At Home during Lockdown and the Issue of Gender
At Home during Lockdown and the Issue of Gender
Lockdown made many people re-assess their sense of home, but how does gender come into this?
Home is an auratic term that is often connected to positive feelings and experiences like comfort, warmth, or safety. In such associations, home is set up as a pre-existing space, an organic community, and an inborn feeling, i.e. an allegedly natural experience. Nationalist discourses, among others, use such widely-shared, familiar connotations of home to connect the individual citizen to the nation-state, in effect naturalising a national homeland as if it were a single home and, at the same time, generating emotional ties to an otherwise abstract entity. Research has shown that this rhetorical mapping of home and homeland is intensely gendered, for example by creating the sense of a ‘motherland’ that needs to be defended by her ‘sons’.
Lockdown made many people re-assess such positive ideas of home, though. The lockdowns forced people, often under threat of police penalties such as fines or arrest, to remain in their private homes. Instead of a warm, cosy space of retreat, home became associated with tedium and dullness at best or isolation and imprisonment at worst. It became obvious for many people that home is not ‘their’ private refuge but open to public interference and a site of negative feelings and social disparities. However, the lockdown also exposed that home-making practices and aspects of caring for families and children fell predominantly onto the shoulders of women, turning them into health workers, kindergarten and school teachers, and into the general creators of a functioning, ‘homely’ home. Covid-19 therefore displayed, in a nutshell, that home still is a highly gendered space, and that practices of sharing domestic work and home-making practices across genders and within families were among the first ‘victims’ of the crisis.
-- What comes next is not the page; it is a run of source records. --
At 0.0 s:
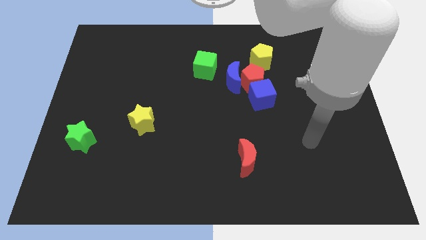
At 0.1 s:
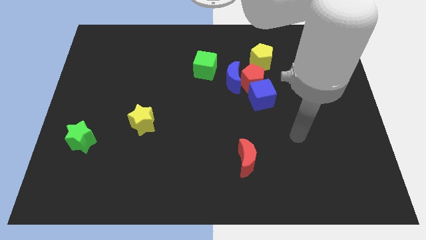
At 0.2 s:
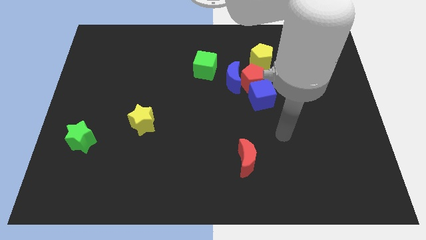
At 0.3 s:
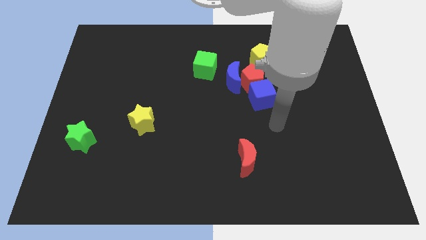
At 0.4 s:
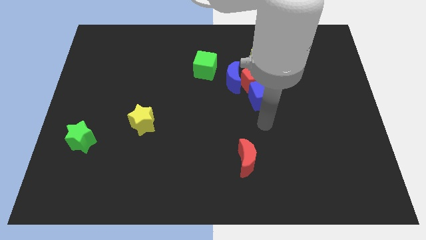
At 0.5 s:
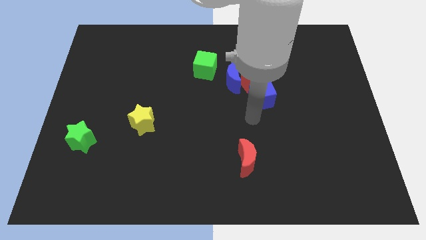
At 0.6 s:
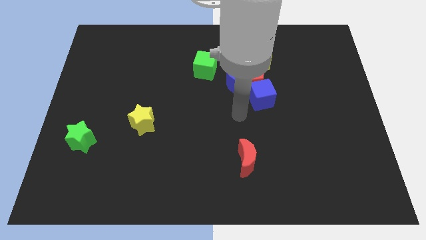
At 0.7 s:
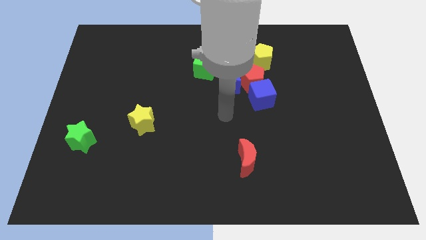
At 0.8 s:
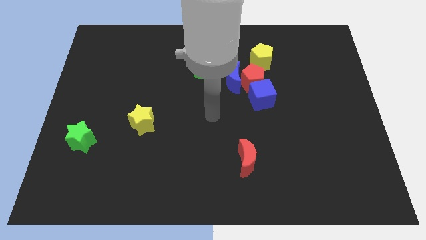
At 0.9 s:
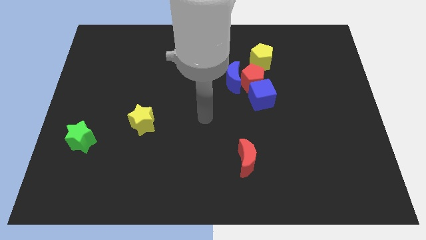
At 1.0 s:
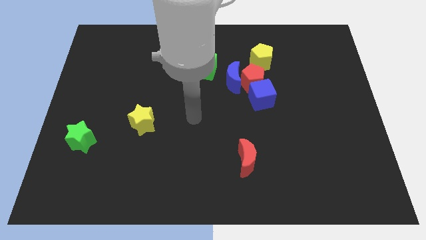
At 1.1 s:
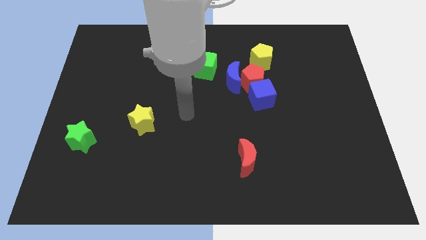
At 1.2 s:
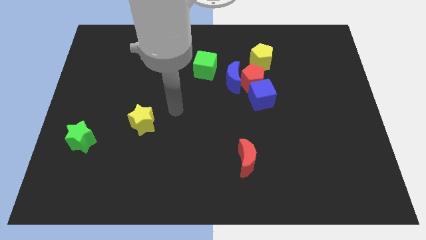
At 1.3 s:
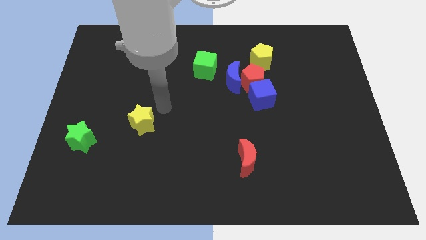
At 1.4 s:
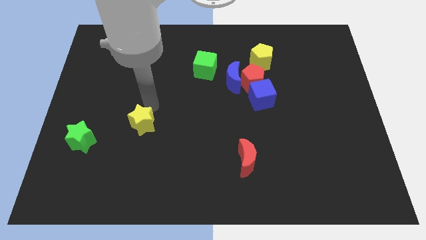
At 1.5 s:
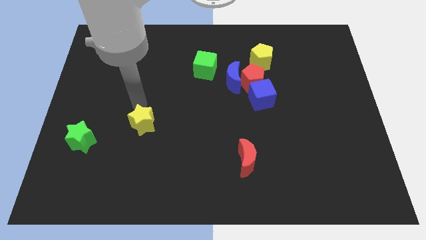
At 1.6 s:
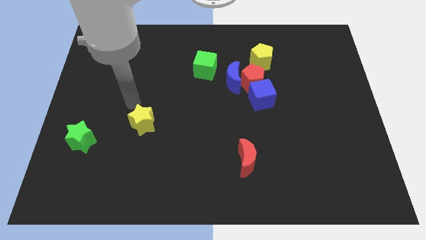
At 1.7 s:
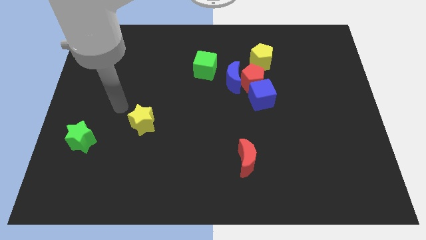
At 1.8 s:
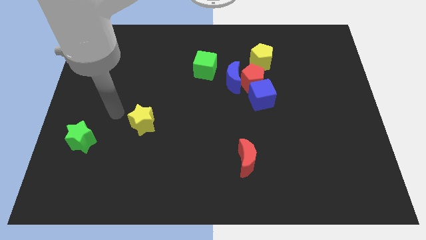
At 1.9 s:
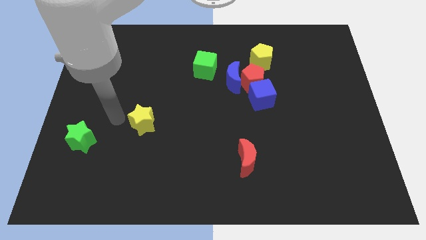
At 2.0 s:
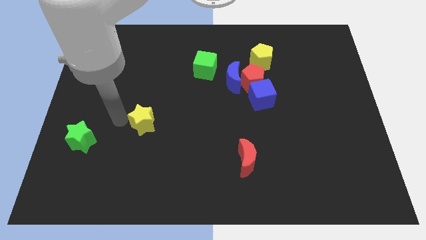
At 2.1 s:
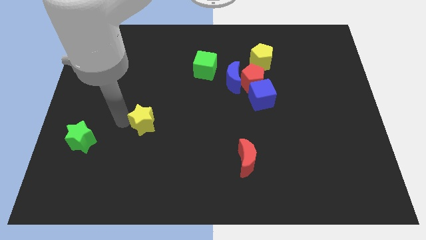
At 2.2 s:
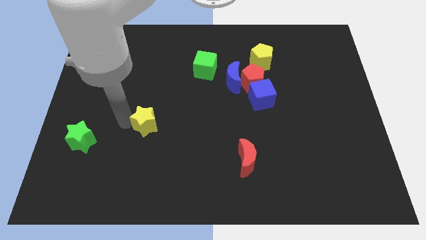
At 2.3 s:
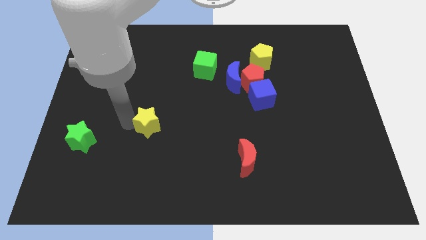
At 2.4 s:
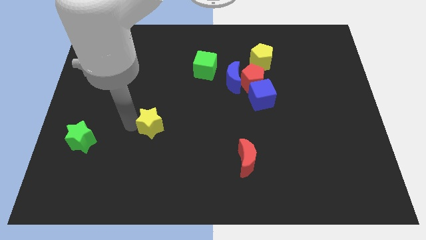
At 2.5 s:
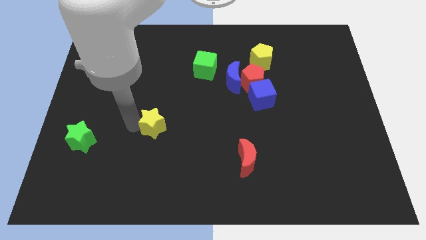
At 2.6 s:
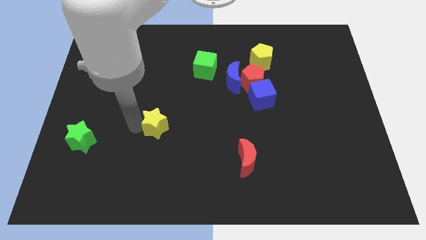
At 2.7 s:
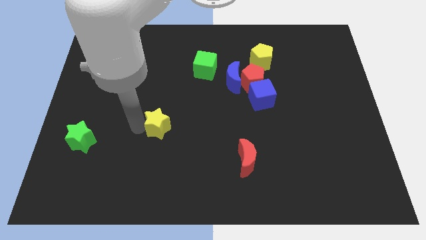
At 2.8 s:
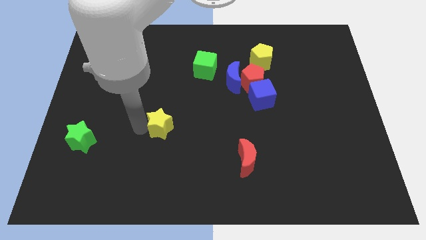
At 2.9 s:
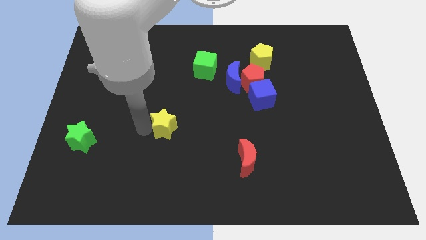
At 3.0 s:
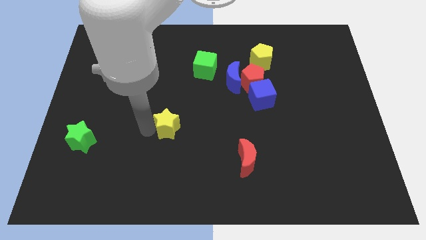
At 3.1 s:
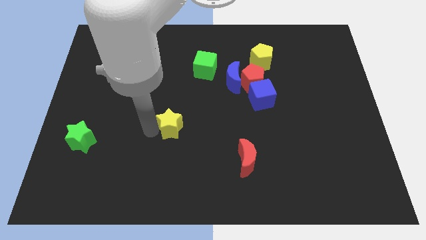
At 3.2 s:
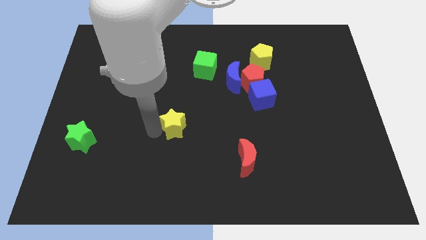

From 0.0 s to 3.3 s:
push the yellow star a little bit to the right

In my current project on British lockdown novels, I aim to show that lockdown narratives continue and further develop anti-essentialist critiques of rhetorics of home as ‘our place’ and the essentialist and gendered mapping of home and homeland. By depicting a society in lockdown, now more or less imprisoned in their cherished homes, lockdown narratives make explicit the social and cultural consequences of gendered ideas of home. To be at home in the pandemic means to become aware of home as a space of rule, control, and power politics, and these politics include categories of gender, nation, ‘race’, and generation (among others). This awareness fosters a sense of both home and homeland as a construction, an awareness that had previously been covered up by the positive associations of home as warmth, belonging, and safety. An analysis of lockdown narratives can thus yield insights into the divisive, problematic effects of the gendering and naturalisation of home and homeland that emerge with full intensity in the current Covid-19 crisis.
If you are interested in reading some of the emerging novels about lockdown from Britain, you may want to read Peter May’s thriller Lockdown (2020), Ali Smith’s Summer (2020), Sarah Moss’ The Fell (2021) or Sarah Hall’s Burntcoat (2021).